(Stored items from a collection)

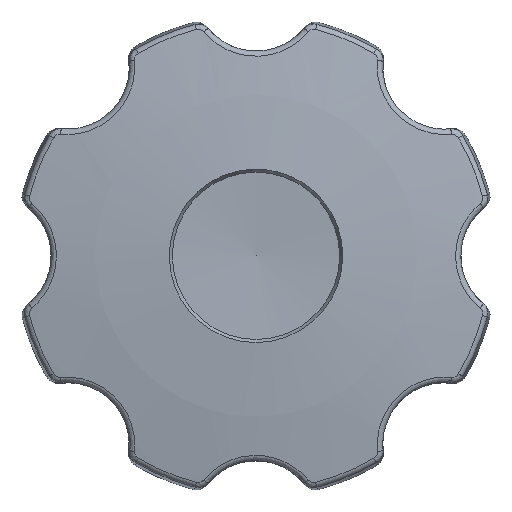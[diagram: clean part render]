
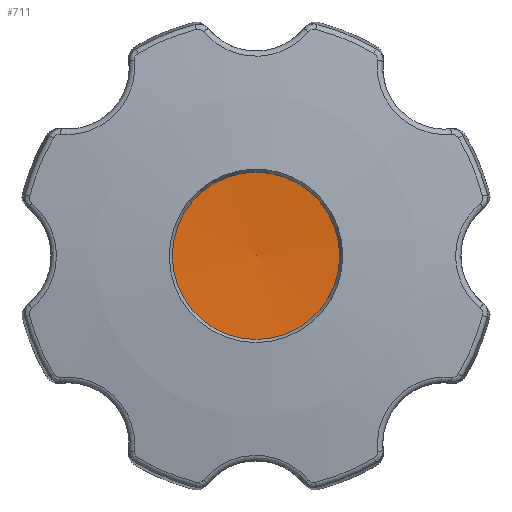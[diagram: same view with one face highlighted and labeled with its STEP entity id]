
A CAD part, top view. The second image highlights one B-rep face of the part: STEP entity #711.
In plain terms, the highlighted spherical face has radius 84.351 mm.
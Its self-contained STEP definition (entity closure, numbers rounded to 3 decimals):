
#711 = ADVANCED_FACE( '', ( #1429 ), #1430, .F. );
#1429 = FACE_OUTER_BOUND( '', #6265, .T. );
#1430 = SPHERICAL_SURFACE( '', #6266, 84.351 );
#6265 = EDGE_LOOP( '', ( #8172 ) );
#6266 = AXIS2_PLACEMENT_3D( '', #8173, #8174, #8175 );
#8172 = ORIENTED_EDGE( '', *, *, #8647, .T. );
#8173 = CARTESIAN_POINT( '', ( 0., 0., 111.851 ) );
#8174 = DIRECTION( '', ( 0., 0., 1. ) );
#8175 = DIRECTION( '', ( 1., 0., 0. ) );
#8647 = EDGE_CURVE( '', #9673, #9673, #9674, .T. );
#9673 = VERTEX_POINT( '', #12260 );
#9674 = CIRCLE( '', #12261, 9.5 );
#12260 = CARTESIAN_POINT( '', ( 9.5, 0., 28.037 ) );
#12261 = AXIS2_PLACEMENT_3D( '', #14296, #14297, #14298 );
#14296 = CARTESIAN_POINT( '', ( 0., 0., 28.037 ) );
#14297 = DIRECTION( '', ( 0., 0., 1. ) );
#14298 = DIRECTION( '', ( 1., 0., 0. ) );

_WHAT TO PRODUCE_: Begin at the line containing "Its self-contained STEP" and reproduce each line through the end of the records above.

_SOLUTION_:
Its self-contained STEP definition (entity closure, numbers rounded to 3 decimals):
#711 = ADVANCED_FACE( '', ( #1429 ), #1430, .F. );
#1429 = FACE_OUTER_BOUND( '', #6265, .T. );
#1430 = SPHERICAL_SURFACE( '', #6266, 84.351 );
#6265 = EDGE_LOOP( '', ( #8172 ) );
#6266 = AXIS2_PLACEMENT_3D( '', #8173, #8174, #8175 );
#8172 = ORIENTED_EDGE( '', *, *, #8647, .T. );
#8173 = CARTESIAN_POINT( '', ( 0., 0., 111.851 ) );
#8174 = DIRECTION( '', ( 0., 0., 1. ) );
#8175 = DIRECTION( '', ( 1., 0., 0. ) );
#8647 = EDGE_CURVE( '', #9673, #9673, #9674, .T. );
#9673 = VERTEX_POINT( '', #12260 );
#9674 = CIRCLE( '', #12261, 9.5 );
#12260 = CARTESIAN_POINT( '', ( 9.5, 0., 28.037 ) );
#12261 = AXIS2_PLACEMENT_3D( '', #14296, #14297, #14298 );
#14296 = CARTESIAN_POINT( '', ( 0., 0., 28.037 ) );
#14297 = DIRECTION( '', ( 0., 0., 1. ) );
#14298 = DIRECTION( '', ( 1., 0., 0. ) );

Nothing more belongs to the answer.